When handwriting is your only option…. Peter Lang

When researching Enterprise Content Management capture projects, the question of handwriting recognition comes up again and again — and many people aren’t sure what to expect.  More commonly, their expectations are unrealistic. They think there is no hope at all, ever. On the other end of the spectrum, some think that tiny fevered cursive scribblings from a rushed meeting can be scanned (or even faxed) and read with accuracy. In helping people think about their forms and the viability of capturing handwriting, I have a few simple guidelines to consider which seem to apply in a majority of cases.

  • Are handwritten forms really the only option?  If the form is available online, can the data be made “fillable” and then submitted directly to your database tables?  Can you let the user fill the form online and print, thus producing machine print and eliminating handwriting?  How about taking the data that a user entered and bar coding it (if the form must be printed rather than be submitted)?  Also helpful and sometimes overlooked:  prefilling form  data from your database through a merge process with a bar code index for retrieval of that same data.
  • Does your Capture software support ICR?  Intelligent Character Recognition (ICR) is what you need to read handwriting.  Optical Character Recognition (OCR) is much more common and is designed to read machine print.  Please don’t try to make it read handwriting – you won’t like the results!
  • Make sure the handwriting is constrained. Annoying? Perhaps.
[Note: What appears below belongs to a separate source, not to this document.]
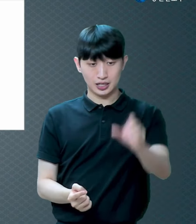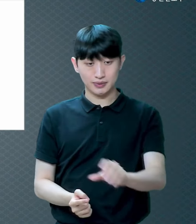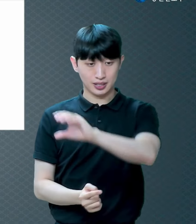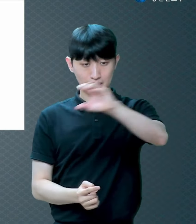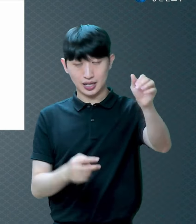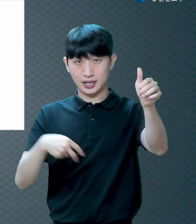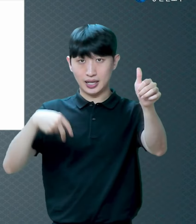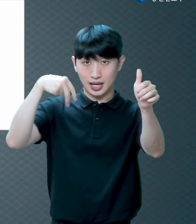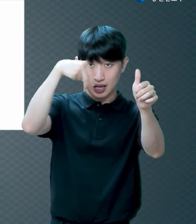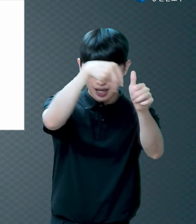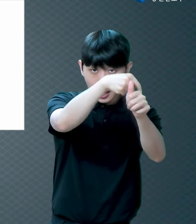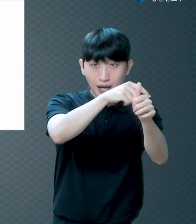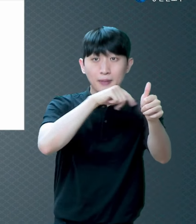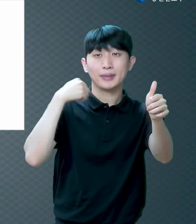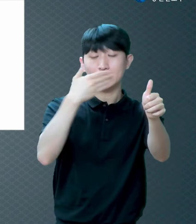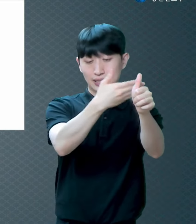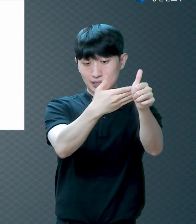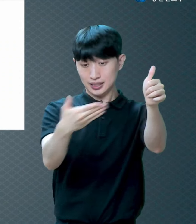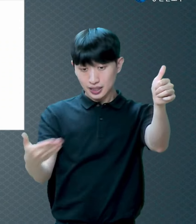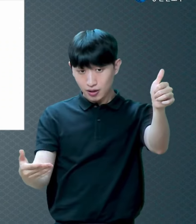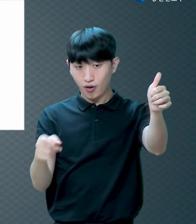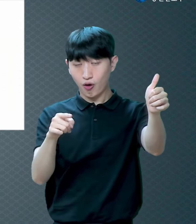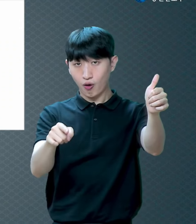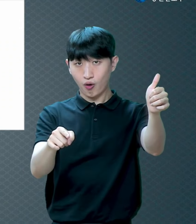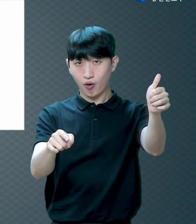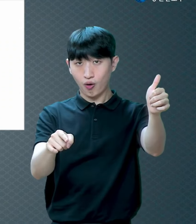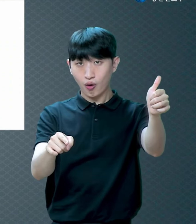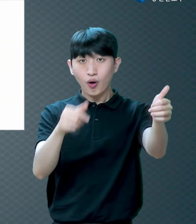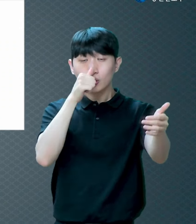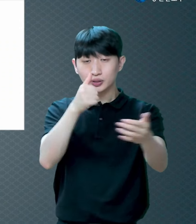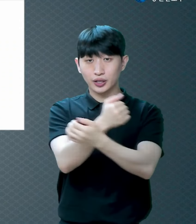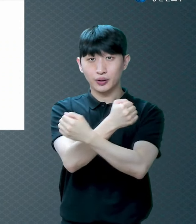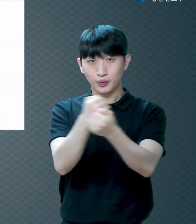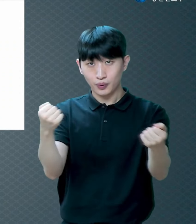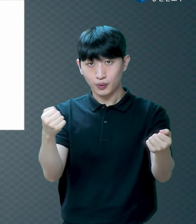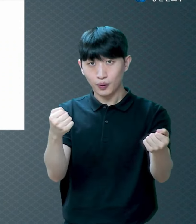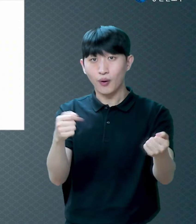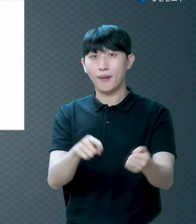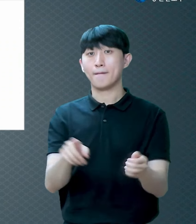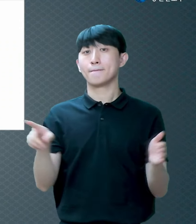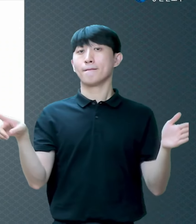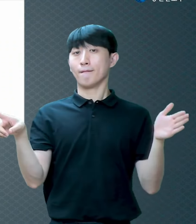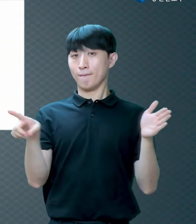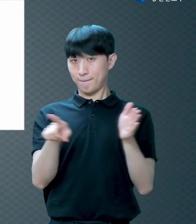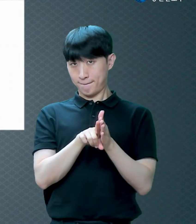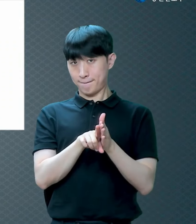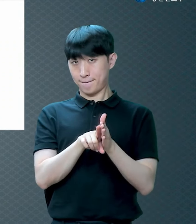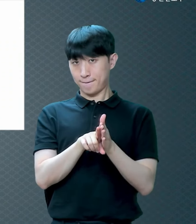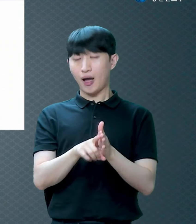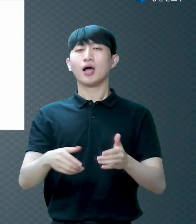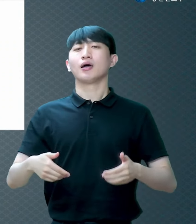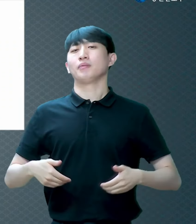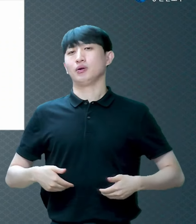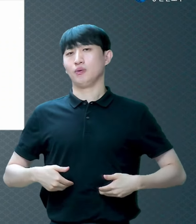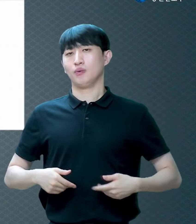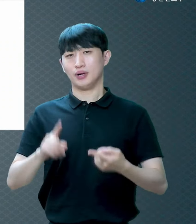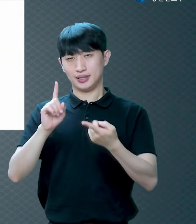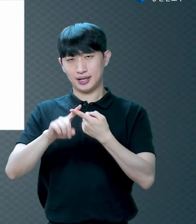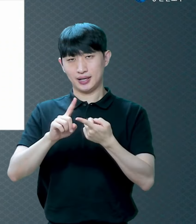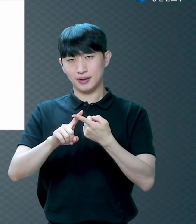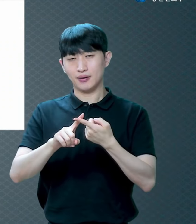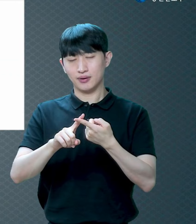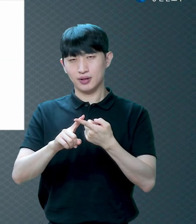믿음으로 말미암아 하나님께 받아들여진다 라고 하는 걸 그림자로 설명하고 있는 거예요

But making the person filling the form write in boxes sets you up for the most successful ICR results.  The catch phrase here could be “Curse the cursive”.  When a character is joined to another character it is faster to write.  However,  the ICR software really struggles to figure out where one character starts and another stops.  And here’s where recognition tanks.   With the real world example below, we can generally expect 100% recognition.

  • Ask for all caps handwriting. You can often tell your ICR engine to look for upper case characters only. This really

increases accuracy. And when the form filler forgets to write AS IF SHOUTING, you can often get OK results anyway.

  • Show them how! I know it may seem condescending, but consider this a helpful reminder to those who would blow through the blocks in a mad dash. Show users an example of the way to write in constrained print fields.  And here’s where you can tell them to use all-caps, and show it in your example.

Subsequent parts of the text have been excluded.